Basically what the demo does here is just basic trigonometry: If the distance between the infrared sources is known, you can deduce the distance from the screen assuming that the user doesn't move at superhuman speeds: i.e. if the distance of the sources decreases too rapidly between two (or possibly more) reference time frames you can fairly certainly deduce he's moving his head.
deducing hes moving his head is no prob - but detecting HOW hes moving (left or right if we rule out backwards?). Head turning left would produce the same information as Head turning right - if everything you got is 2 reference points projected on a plane.
Combining both approaches should work pretty well I suppose.
The problem is that both approaches (I assume you mean measuring distance assuming the heads not turned and measuring angle assuming the distance is known) are in confict?

...snip...
There are surely several ways to solve those problems, but I cant think of an easy one using a webcam.
 
Except the Wiimote is fixed in that example.
deducing hes moving his head is no prob - but detecting HOW hes moving (left or right if we rule out backwards?). Head turning left would produce the same information as Head turning right - if everything you got is 2 reference points projected on a plane.
The problem is that both approaches (I assume you mean measuring distance assuming the heads not turned and measuring angle assuming the distance is known) are in confict?

There are surely several ways to solve those problems, but I cant think of an easy one using a webcam.

I think he is using lateral movement to adjust the angle.
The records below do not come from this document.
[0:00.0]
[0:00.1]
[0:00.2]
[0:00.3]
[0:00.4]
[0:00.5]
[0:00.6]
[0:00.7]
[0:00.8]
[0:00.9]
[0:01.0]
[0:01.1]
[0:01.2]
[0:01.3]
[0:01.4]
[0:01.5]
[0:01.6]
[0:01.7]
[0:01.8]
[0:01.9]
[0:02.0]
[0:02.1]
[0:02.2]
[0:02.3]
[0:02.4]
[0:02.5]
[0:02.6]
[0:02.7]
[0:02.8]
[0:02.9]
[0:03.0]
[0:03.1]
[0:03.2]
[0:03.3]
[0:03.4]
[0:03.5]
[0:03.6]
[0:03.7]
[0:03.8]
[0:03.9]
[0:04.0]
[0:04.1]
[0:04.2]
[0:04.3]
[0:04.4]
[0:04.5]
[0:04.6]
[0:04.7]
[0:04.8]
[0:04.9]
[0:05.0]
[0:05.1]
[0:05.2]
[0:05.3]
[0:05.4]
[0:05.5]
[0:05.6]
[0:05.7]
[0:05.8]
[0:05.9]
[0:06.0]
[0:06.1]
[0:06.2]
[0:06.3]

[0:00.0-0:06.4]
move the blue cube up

When he's walking through and demonstrating the range of movement, the sensor bar is never angled - just moved through the 6 dimensions. There isn't any way of doing it with 1 webcam and 2 identical light sources (you could pulse them, use a coloured LED next to the IR one and track colour too, ...) :)
 
I think he is using lateral movement to adjust the angle. When he's walking through and demonstrating the range of movement, the sensor bar is never angled - just moved through the 6 dimensions. There isn't any way of doing it with 1 webcam and 2 identical light sources (you could pulse them, use a coloured LED next to the IR one and track colour too, ...) :)
That makes sense, except the 6 dimensions bit :D
 
Im not sure how the wiimote works in detail...
The Wiimote works exactly using a 'webcam'. There's no distance measuring tech or anything fancy in there. It's just a CCD array detecting IR hotspots and then software to translate that. Thus anything you can do with Wiimote's IR camera, you can do in principal with any other camera device as long as you can successfully obtain points of reference. In a game situation you can also add the motion forces values to your calculations, but in this implementation the camera is static so they're no good for head tracking.
 
Except the Wiimote is fixed in that example.
Of course, didn't say otherwise, Just said how it is normally done ;)
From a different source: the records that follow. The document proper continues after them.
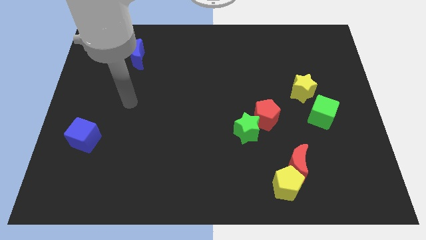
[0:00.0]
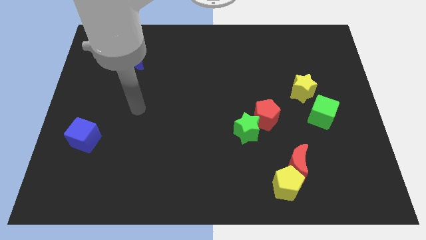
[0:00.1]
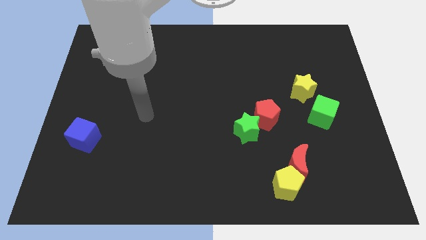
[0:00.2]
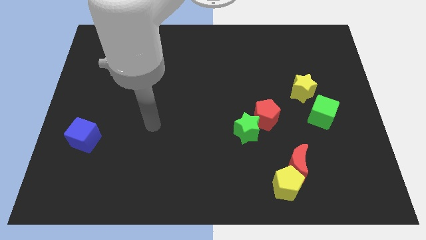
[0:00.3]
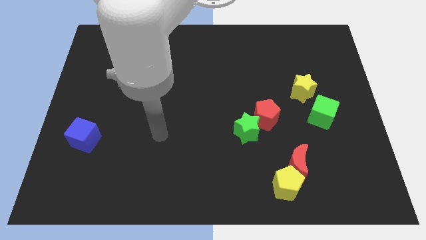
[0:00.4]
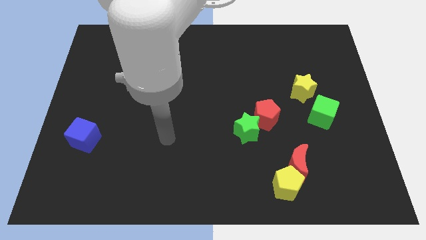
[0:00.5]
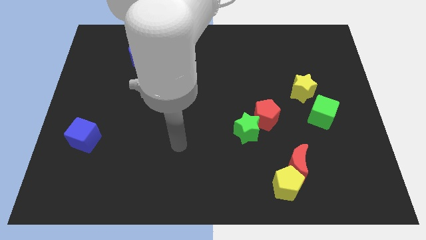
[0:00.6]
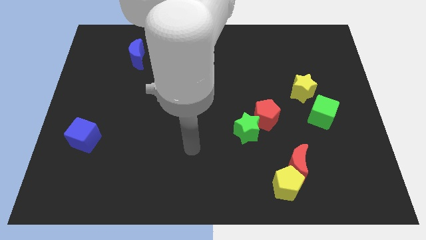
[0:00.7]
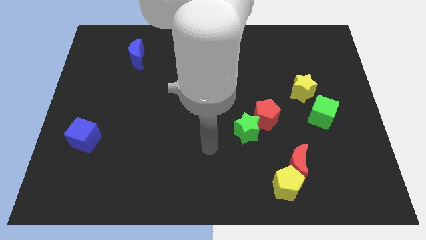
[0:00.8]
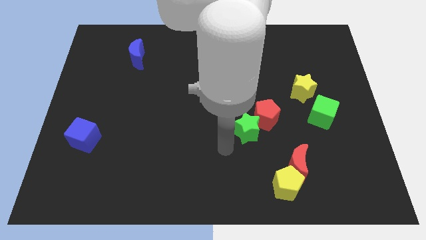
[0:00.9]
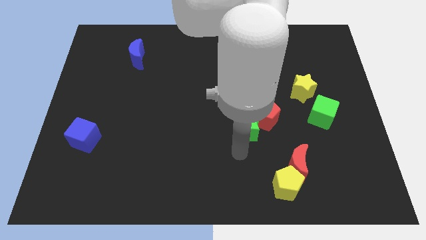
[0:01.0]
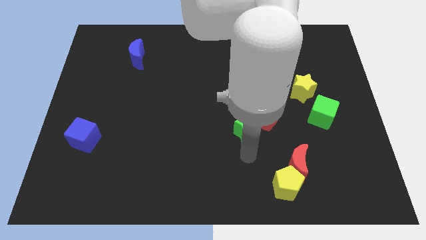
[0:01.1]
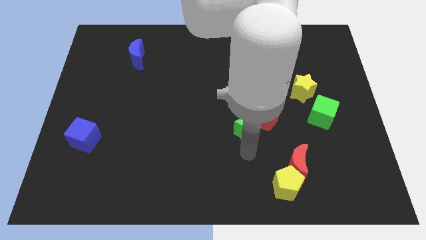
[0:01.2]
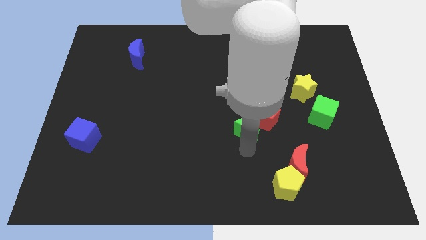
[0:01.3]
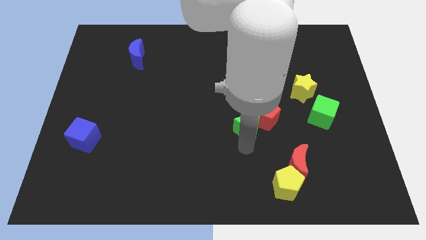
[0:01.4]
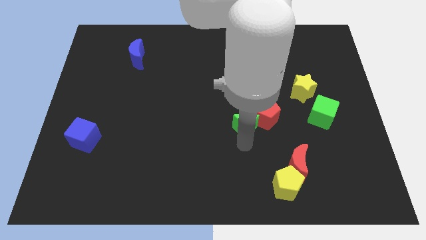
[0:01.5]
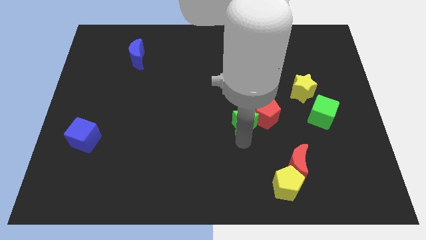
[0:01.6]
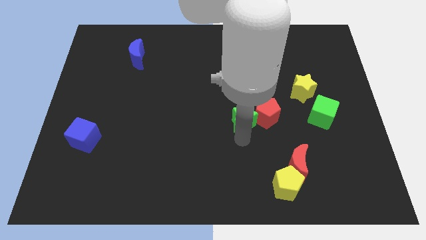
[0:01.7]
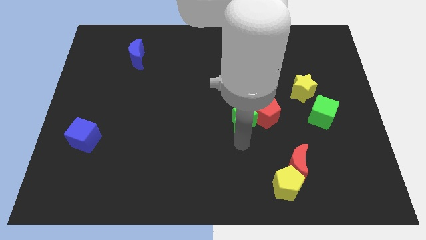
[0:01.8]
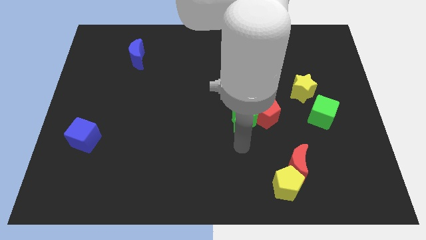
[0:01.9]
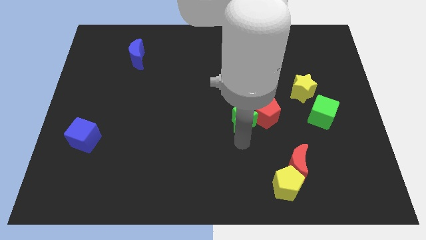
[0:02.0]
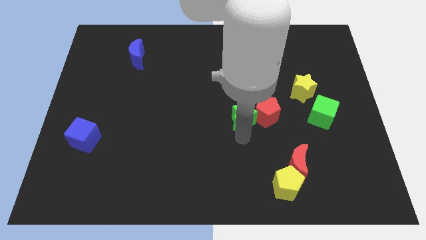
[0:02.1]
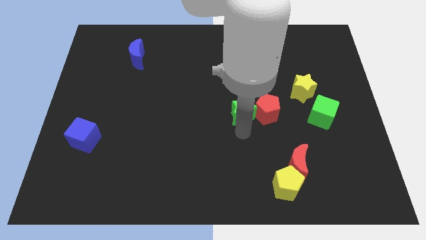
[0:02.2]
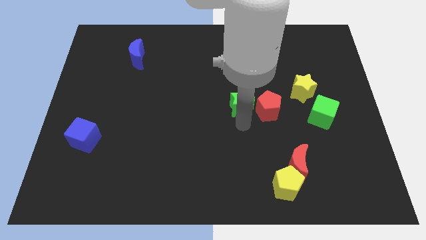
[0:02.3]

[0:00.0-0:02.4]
push the green star upwards a little

deducing hes moving his head is no prob - but detecting HOW hes moving (left or right if we rule out backwards?). Head turning left would produce the same information as Head turning right - if everything you got is 2 reference points projected on a plane.
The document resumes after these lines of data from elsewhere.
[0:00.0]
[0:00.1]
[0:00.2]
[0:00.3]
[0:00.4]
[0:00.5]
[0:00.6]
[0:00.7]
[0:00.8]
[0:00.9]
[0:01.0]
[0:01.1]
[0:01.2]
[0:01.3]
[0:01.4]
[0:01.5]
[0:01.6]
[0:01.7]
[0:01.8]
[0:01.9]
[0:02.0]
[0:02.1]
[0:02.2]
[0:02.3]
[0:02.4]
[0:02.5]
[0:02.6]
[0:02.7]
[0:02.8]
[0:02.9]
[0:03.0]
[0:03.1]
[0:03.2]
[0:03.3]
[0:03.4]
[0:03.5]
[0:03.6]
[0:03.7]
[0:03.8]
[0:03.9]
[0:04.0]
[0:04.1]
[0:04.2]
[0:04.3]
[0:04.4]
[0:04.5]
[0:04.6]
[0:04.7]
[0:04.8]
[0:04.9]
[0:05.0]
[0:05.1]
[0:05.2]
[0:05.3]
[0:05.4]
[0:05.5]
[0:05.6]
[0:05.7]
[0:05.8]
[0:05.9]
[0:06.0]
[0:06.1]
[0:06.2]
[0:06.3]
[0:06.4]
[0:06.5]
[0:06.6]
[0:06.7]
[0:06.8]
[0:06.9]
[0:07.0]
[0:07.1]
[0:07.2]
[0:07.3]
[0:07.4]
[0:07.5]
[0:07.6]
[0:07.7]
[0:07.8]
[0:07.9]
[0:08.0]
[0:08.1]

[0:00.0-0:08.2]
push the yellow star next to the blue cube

Nope, the Wiibar is not rotating around its own centre, but around the rotation axis of the persons head, causing a detectable offset. Thus the direction of turning is easy to detect.

The problem is that both approaches (I assume you mean measuring distance assuming the heads not turned and measuring angle assuming the distance is known) are in confict?

You're misunderstanding the approach here. It's complimentary: If the points are closer than a certain threshold[it's a restriction,i.e. he can't be as far away as x metres], he's turning his head (the angle [dot1-wiimote-dot2] is rather an angular resolution which is used to calculate the minimal distance possible for the IR dots recorded by the camera.).
E.g.: x > minimal distance -> turning or movement
x< minimal distance -> only turning


There are surely several ways to solve those problems, but I cant think of an easy one using a webcam.

Oh my approach would only need a camera sensitive enough to detect the intensity differences and very straightforward image processing nothing to fancy. As long as the camera is sensitive enough it'll work.